• **PROBLEM STATEMENT**:
Drop all images and give the records again exactly.

• **Records from a data collection**:
———

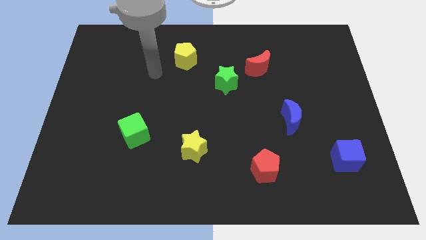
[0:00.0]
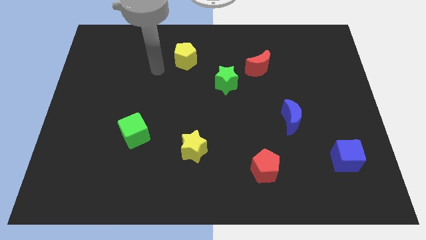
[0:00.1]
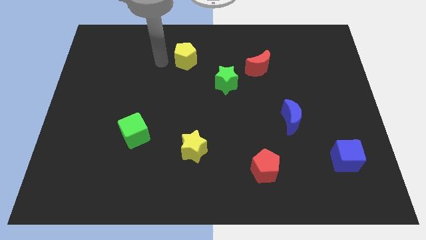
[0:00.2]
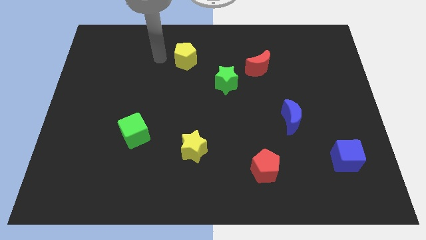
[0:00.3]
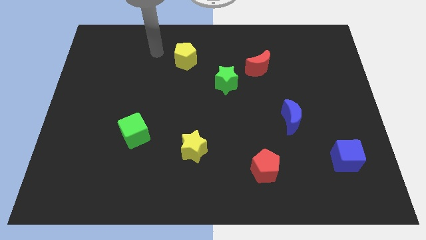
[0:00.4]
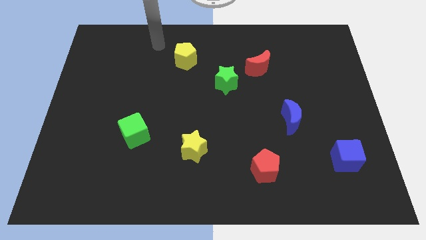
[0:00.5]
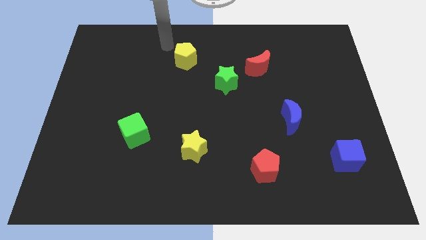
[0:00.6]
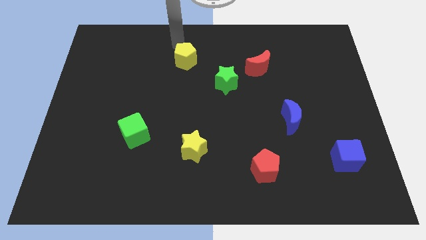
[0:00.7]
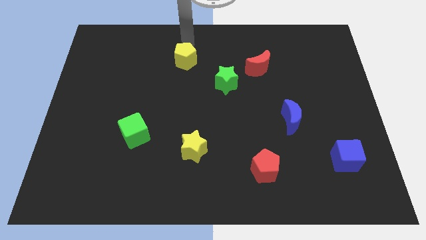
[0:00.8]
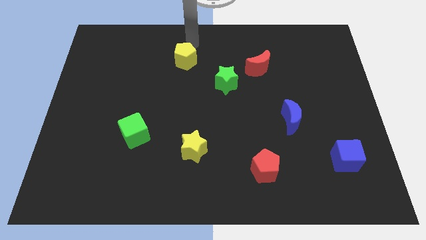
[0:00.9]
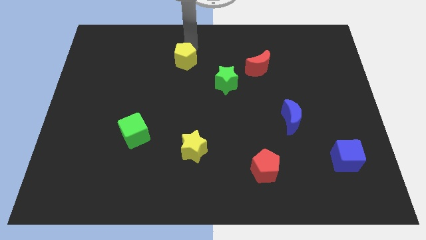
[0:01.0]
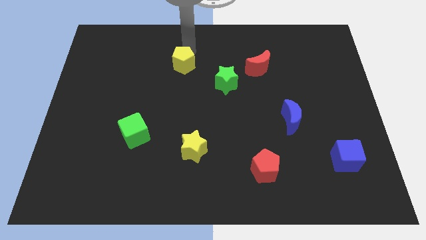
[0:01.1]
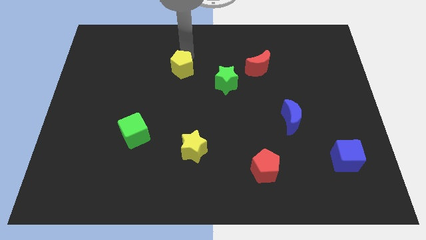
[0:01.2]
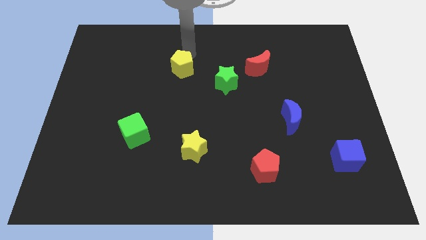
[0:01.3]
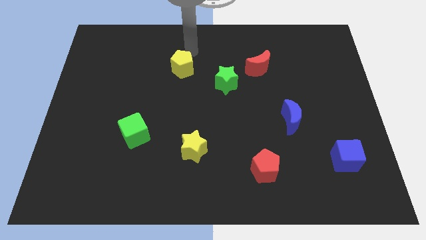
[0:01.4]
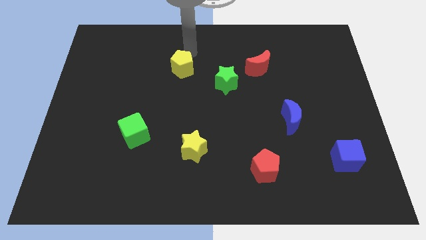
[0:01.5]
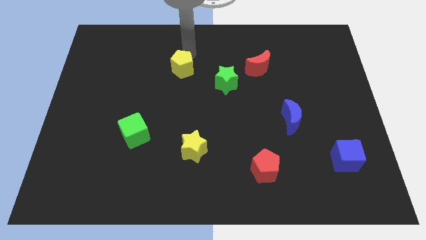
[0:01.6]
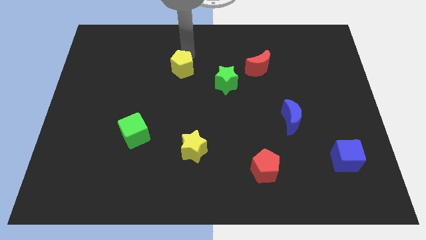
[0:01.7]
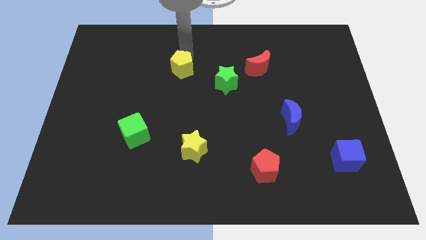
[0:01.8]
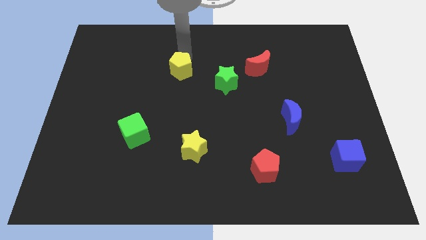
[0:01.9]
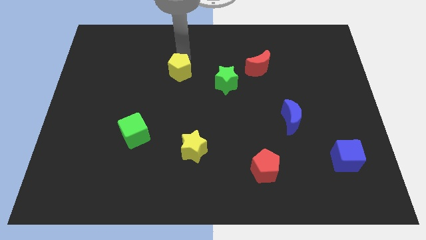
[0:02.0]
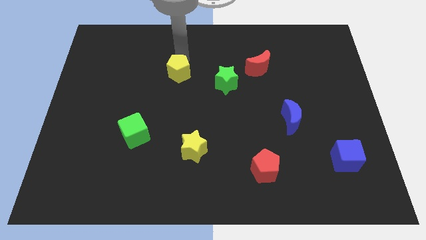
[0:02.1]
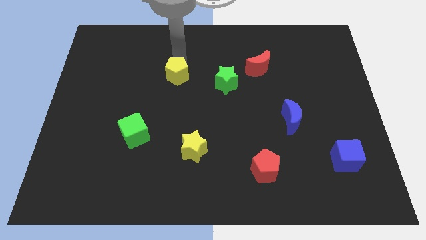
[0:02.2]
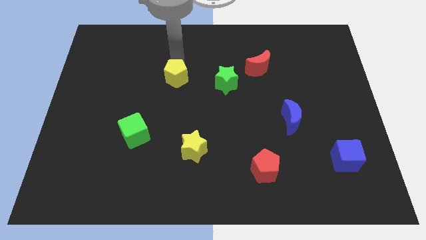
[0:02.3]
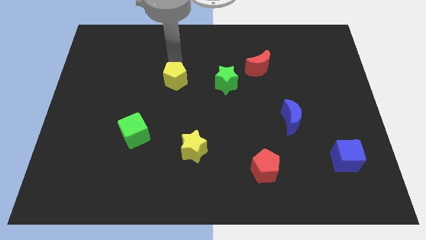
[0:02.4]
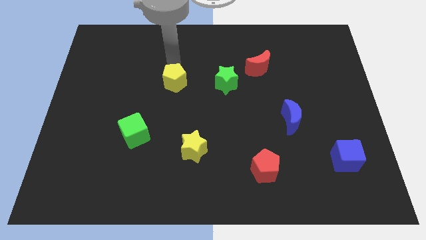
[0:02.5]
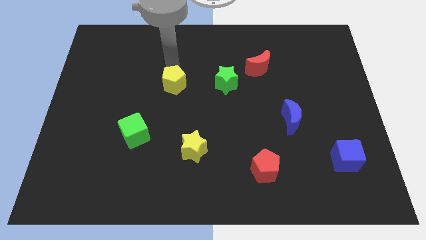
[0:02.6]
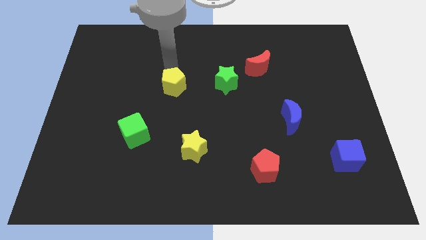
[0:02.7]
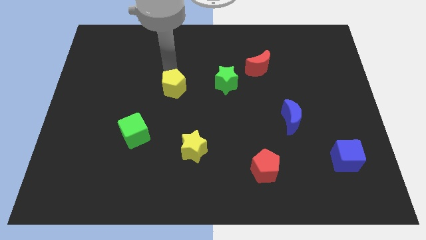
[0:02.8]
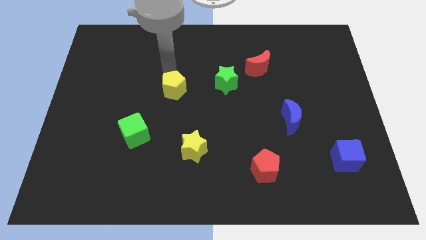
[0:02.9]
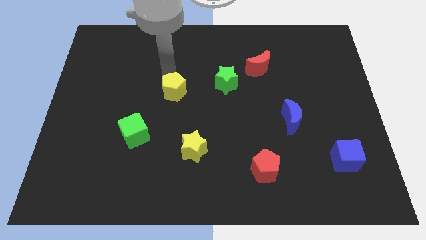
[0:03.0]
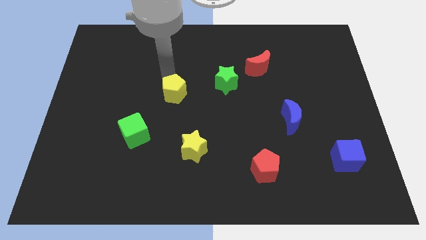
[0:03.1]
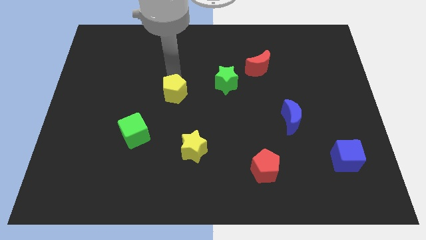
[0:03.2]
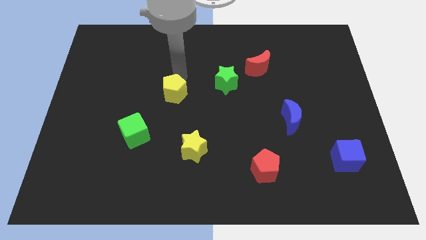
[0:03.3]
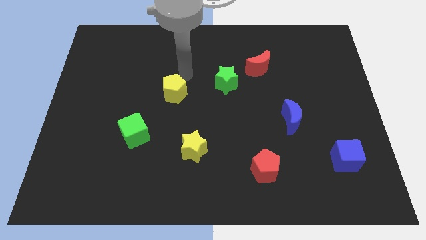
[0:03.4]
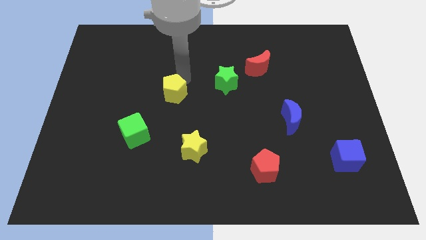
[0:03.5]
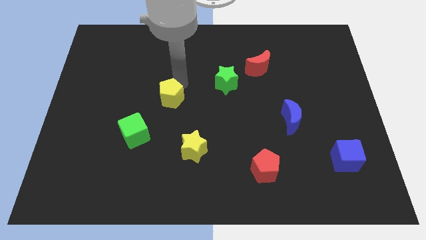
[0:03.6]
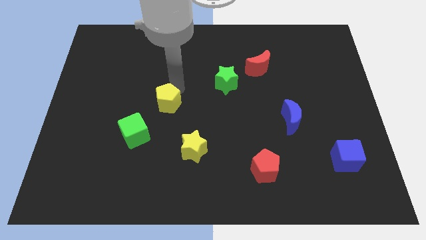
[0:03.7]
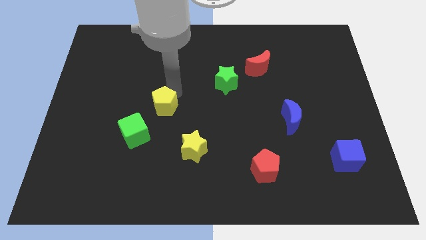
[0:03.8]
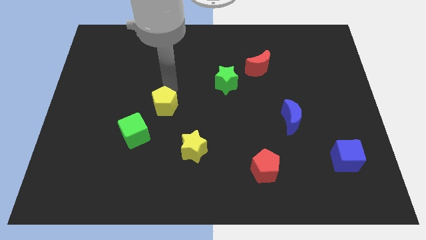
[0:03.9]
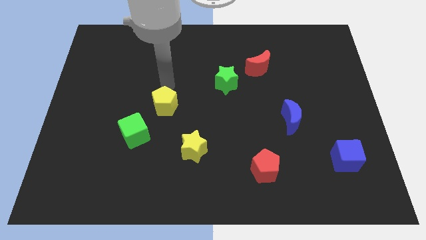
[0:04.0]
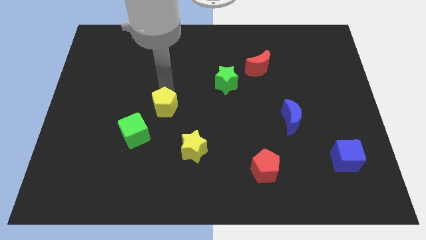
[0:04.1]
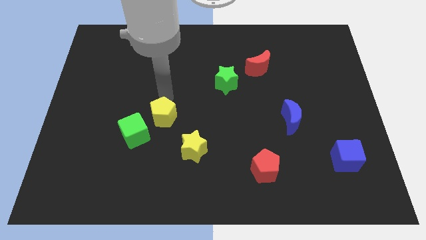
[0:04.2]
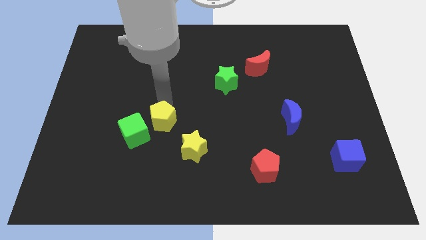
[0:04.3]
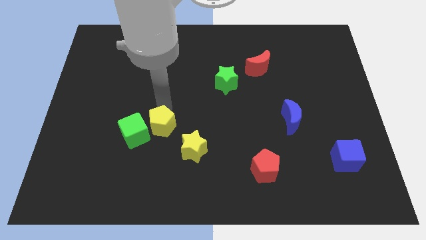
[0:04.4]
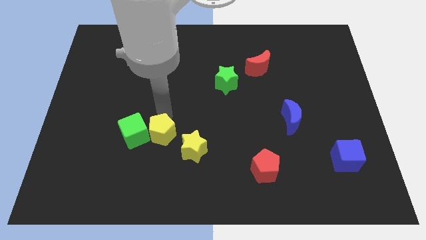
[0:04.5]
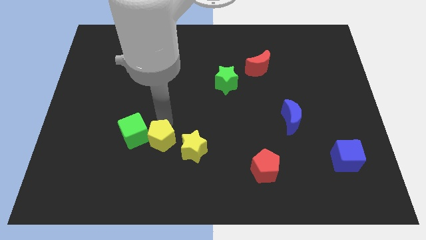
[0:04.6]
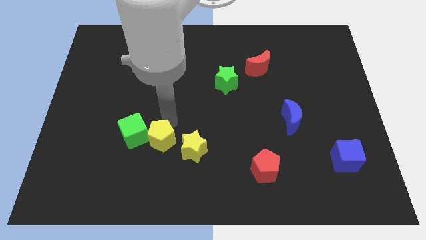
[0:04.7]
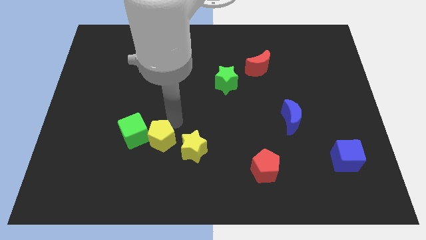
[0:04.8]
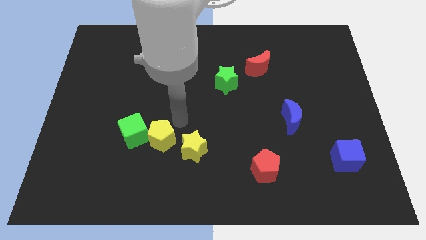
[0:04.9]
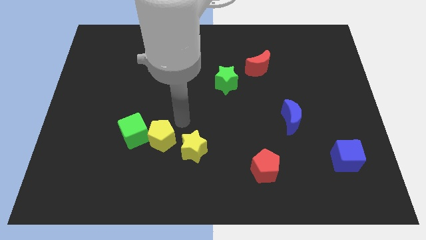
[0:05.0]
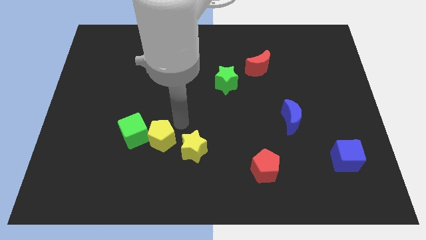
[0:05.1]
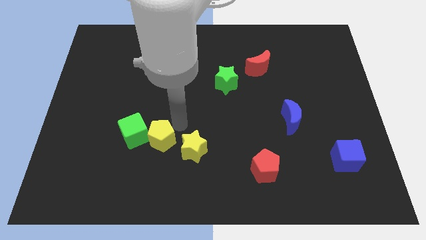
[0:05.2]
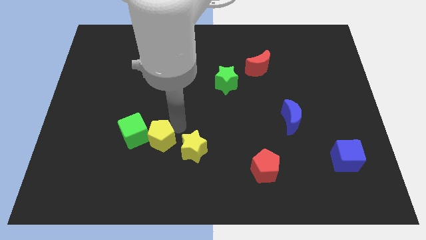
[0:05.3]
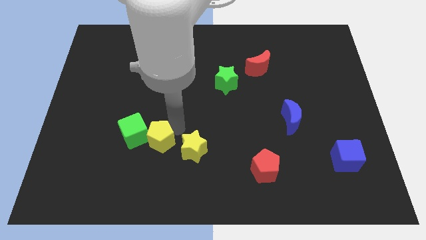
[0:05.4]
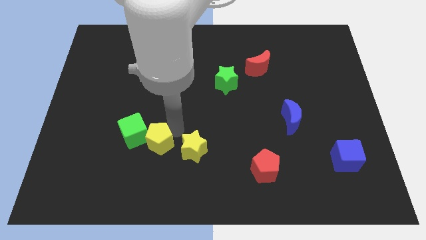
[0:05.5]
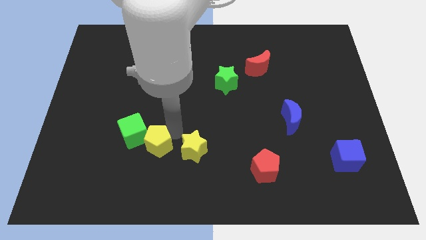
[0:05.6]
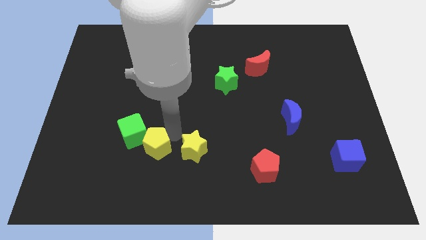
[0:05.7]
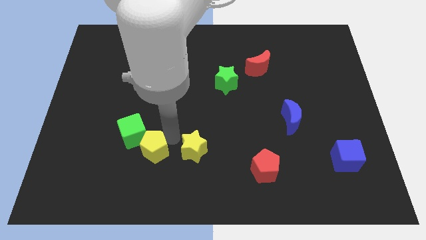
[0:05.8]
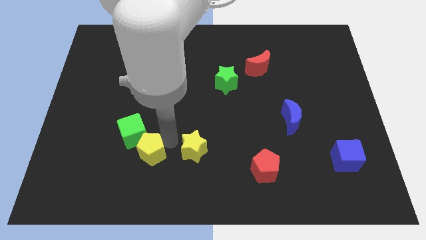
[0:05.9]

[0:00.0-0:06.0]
move the yellow pentagon below the green cube

———

• **FINAL ANSWER**:
[0:00.0]
[0:00.1]
[0:00.2]
[0:00.3]
[0:00.4]
[0:00.5]
[0:00.6]
[0:00.7]
[0:00.8]
[0:00.9]
[0:01.0]
[0:01.1]
[0:01.2]
[0:01.3]
[0:01.4]
[0:01.5]
[0:01.6]
[0:01.7]
[0:01.8]
[0:01.9]
[0:02.0]
[0:02.1]
[0:02.2]
[0:02.3]
[0:02.4]
[0:02.5]
[0:02.6]
[0:02.7]
[0:02.8]
[0:02.9]
[0:03.0]
[0:03.1]
[0:03.2]
[0:03.3]
[0:03.4]
[0:03.5]
[0:03.6]
[0:03.7]
[0:03.8]
[0:03.9]
[0:04.0]
[0:04.1]
[0:04.2]
[0:04.3]
[0:04.4]
[0:04.5]
[0:04.6]
[0:04.7]
[0:04.8]
[0:04.9]
[0:05.0]
[0:05.1]
[0:05.2]
[0:05.3]
[0:05.4]
[0:05.5]
[0:05.6]
[0:05.7]
[0:05.8]
[0:05.9]

[0:00.0-0:06.0]
move the yellow pentagon below the green cube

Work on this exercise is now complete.